The Reputation Imperative: In Pharma We Trust?

One excuse for the lack of innovation within pharma is that it suffers from a bad reputation which inhibits trust among ‘gatekeeping’ stakeholders.



 Trust has a close relationship to reputation, which is understandably difficult to measure; however, each year the Reputation Institute (a management consultancy) publish league tables of who the public view as reputable - so how did pharma do?

I imagine you’re thinking ‘badly’ – as did our Chairman, Paul Simms, who estimated 1 or 2…… well actually, it’s 8. That’s pretty impressive from an industry formed of huge corporations who, in most regions, aren’t able to advertise their product to consumers (patients); it’s even more impressive when you consider than in 2011 only one pharma company made it into the top 100 (J&J). Amazingly, 2 years later J&J is now considered more reputable than Giorgio Armani and Nike, and Bayer, Abbott, and BMS beat PepsiCo!

I believe this shows that, whilst in its early stages, the industry shift towards patient centricity is beginning to work. Continued progression in the collection and presentation of real world evidence (to determine whether treatments work in the real world) will only strengthen matters in the years to come. The corporate landscape is changing, banks and financial institutions have their faces in the mud (arguably deflecting attention away from pharma – the GSK scandal in China made the front page of just one newspaper in the UK), energy companies behave like cartels, and consumer good companies prey on the impressionable. Pharma need to ride this wave of positive sentiment and use it to form stronger relationships with stakeholders, to engrain themselves within the care process.

As economic stagnation continues in the developed world, governments will tighten their squeeze on healthcare which will, of course, be passed down to pharma - as it has been for years. Rather than sitting back, I suggest pharma strives towards becoming a ‘care partner’, and proves themselves indispensable by negotiating deals with existing care providers that enable them to proactively improve patient care, and the patient experience. 

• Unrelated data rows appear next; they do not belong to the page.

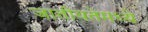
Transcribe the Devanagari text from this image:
जातीयतेमध्ये
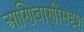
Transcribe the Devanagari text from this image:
आणिबाणीसदृश
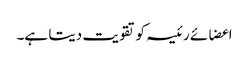
اعضائے رئیسہ کو تقویت دیتا ہے۔
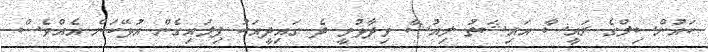
ކައުންސިލްގެ ރައީސާ އައިޝަތު ލިއުޝާ ވިދާޅުވީ ދެ ގައިދީއަކު ފިލައިގެން އުޅޭކަން އެއްވެސް
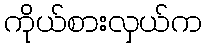
ကိုယ်စားလှယ်က
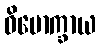
ဝိမောက္ခာယ
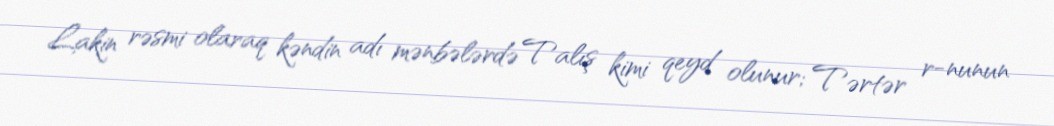
Lakin rəsmi olaraq kəndin adı mənbələrdə Talış kimi qeyd olunur; Tərtər r-nunun
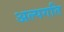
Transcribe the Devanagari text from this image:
अल्पगति
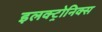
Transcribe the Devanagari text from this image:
इलक्ट्रोनिक्स
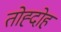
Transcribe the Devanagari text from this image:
तोह्दोह
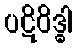
ပဋိဝိဒ္ဓါ
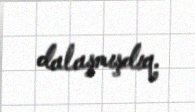
dalaşmışdıq.
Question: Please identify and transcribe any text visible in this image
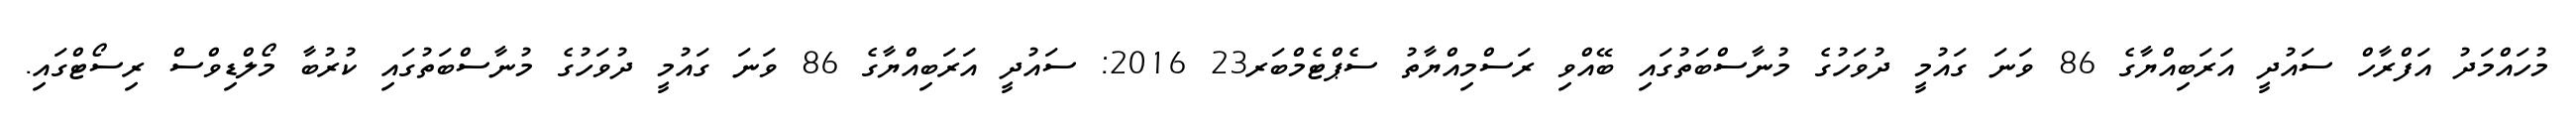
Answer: މުހައްމަދު އަފްރާހް ސައުދީ އަރަބިއްޔާގެ 86 ވަނަ ގައުމީ ދުވަހުގެ މުނާސްބަތުގައި ބޭއްވި ރަސްމިއްޔާތު ސެޕްޓެމްބަރ23 2016: ސައުދީ އަރަބިއްޔާގެ 86 ވަނަ ގައުމީ ދުވަހުގެ މުނާސްބަތުގައި ކުރުބާ މޯލްޑިވްސް ރިސޯޓްގައި.
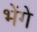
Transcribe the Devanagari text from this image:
भेंगे
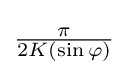
{\textstyle {\pi  \over 2K(\sin \varphi )}}
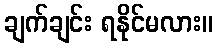
ချက်ချင်း ရနိုင်မလား။
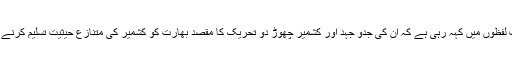
کشمیری قیادت صاف لفظوں میں کہہ رہی ہے کہ ان کی جدو جہد اور کشمیر چھوڑ دو تحریک کا مقصد بھارت کو کشمیر کی متنازع حیثیت تسلیم کرنے پر مجبور کرنا ہے ۔
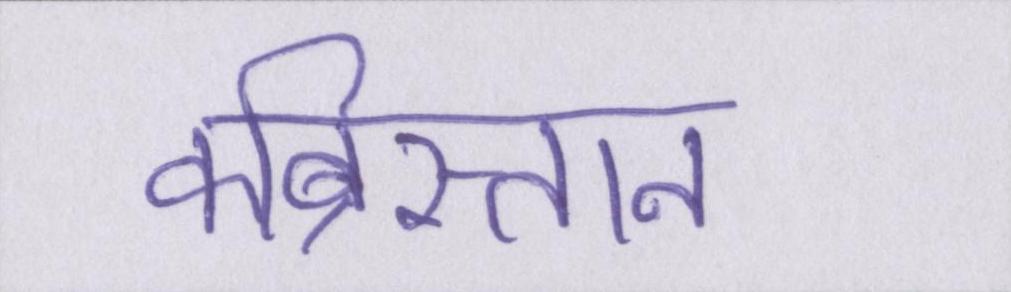
कब्रिस्तान
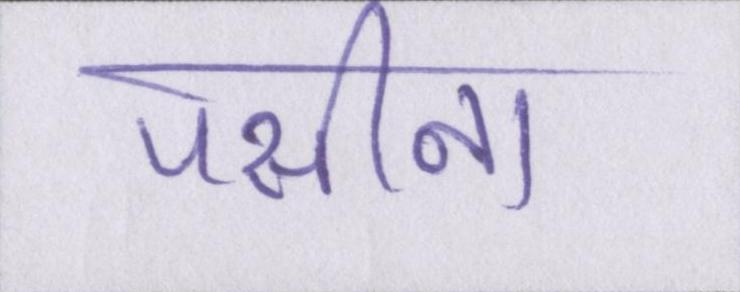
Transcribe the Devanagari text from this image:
पसीना
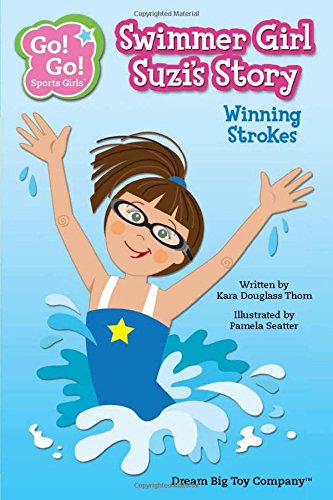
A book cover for Swimmer Girl Suzi's Story: Winning Strokes (Go! Go! Sports Girls); Kara Douglass Thom; Children's Books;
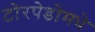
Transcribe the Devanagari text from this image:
टोरपेडोमधे
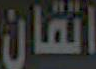
اتقان
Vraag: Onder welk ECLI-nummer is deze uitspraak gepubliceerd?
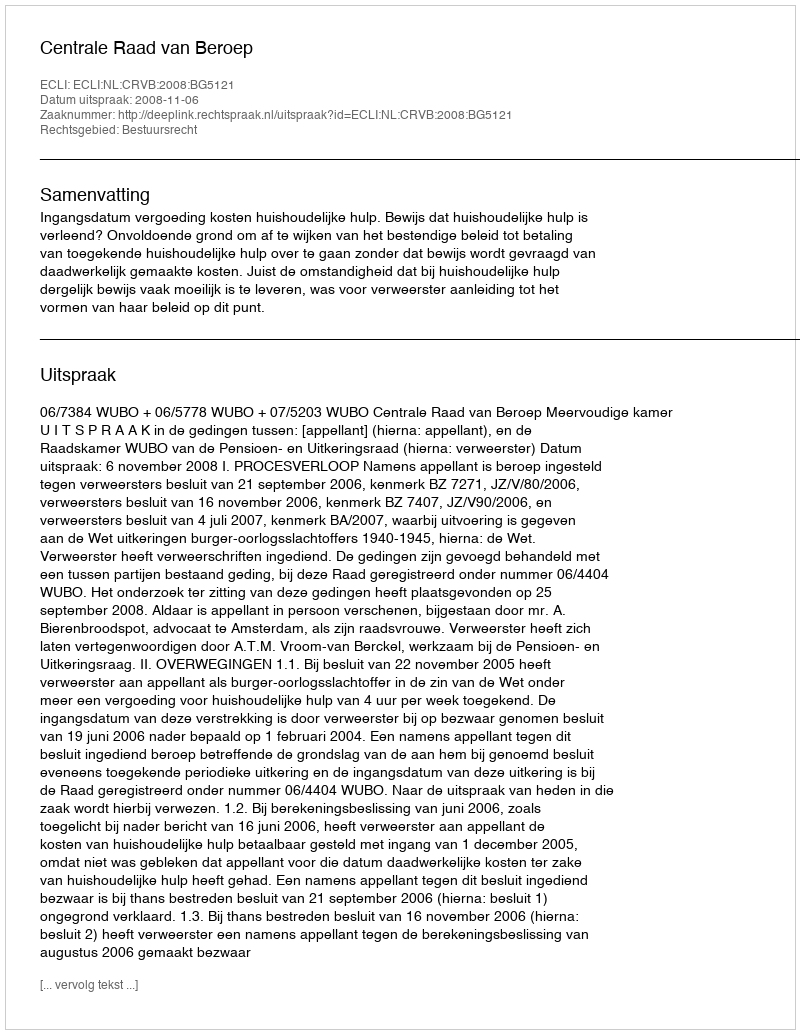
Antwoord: ECLI:NL:CRVB:2008:BG5121
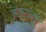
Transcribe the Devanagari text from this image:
जंक्शनचे
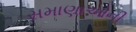
સમાણાઓની
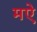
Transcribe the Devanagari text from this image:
मऐ
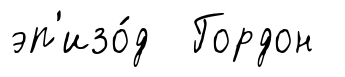
эп'изо́д Гордон
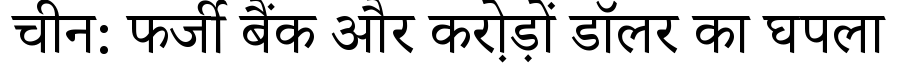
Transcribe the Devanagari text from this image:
चीन: फर्जी बैंक और करो़ड़ों डॉलर का घपला
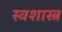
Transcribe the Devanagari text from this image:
स्वशास्त्र
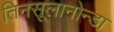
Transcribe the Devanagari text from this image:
तिनसूलानोन्डा
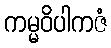
ကမ္မဝိပါကဇံ

The first issue to tackle would be adherence (which has been discussed for decades), partly because regulators have kept pharma out of the loop and forced already overstretched care institutions toshoulder the responsibility. This is a flawed strategy as they do not have the resources (financial or human), and it is also unfair considering payors what to pay for outcomes, not products. If you don’t let pharma be part of the treatment then how can you justify not paying for the product if it doesn’t work (it isn’t always the products fault) – by doing this you’re removing accountability from other stakeholders. Risk sharing agreements will only go so far, and fundamentally break down based on this principal.

Whilst this initiative will obviously cost money to begin with, there is no other stakeholder with the finances or the inclination to drive this forward – it has to be pharma, and from a business perspective this is ideal. There will be compliance issues, but if overcome it will improve the speed and quality of care, improve outcomes (more resources means you can create a more bespoke care pathway), map out stakeholder needs, and ultimately reduce the amount of money governments need to funnel into healthcare. From a pharma perspective this initiative can be profitable as they will have more control over a patient’s treatment pathway, so can ensure everything is done to help them – hence improving outcomes, and the amount they receive for their product. Pharma will also be able to take on more risk in risk sharing agreements because of their increased involvement in the process….. win–win–win.

It is now fair to say that pharma’s poor reputation is a dated view, and moving forward companies need to take the next step in their reputation journey to leverage future strategies and investments which encourage a shift into a 21st century business model.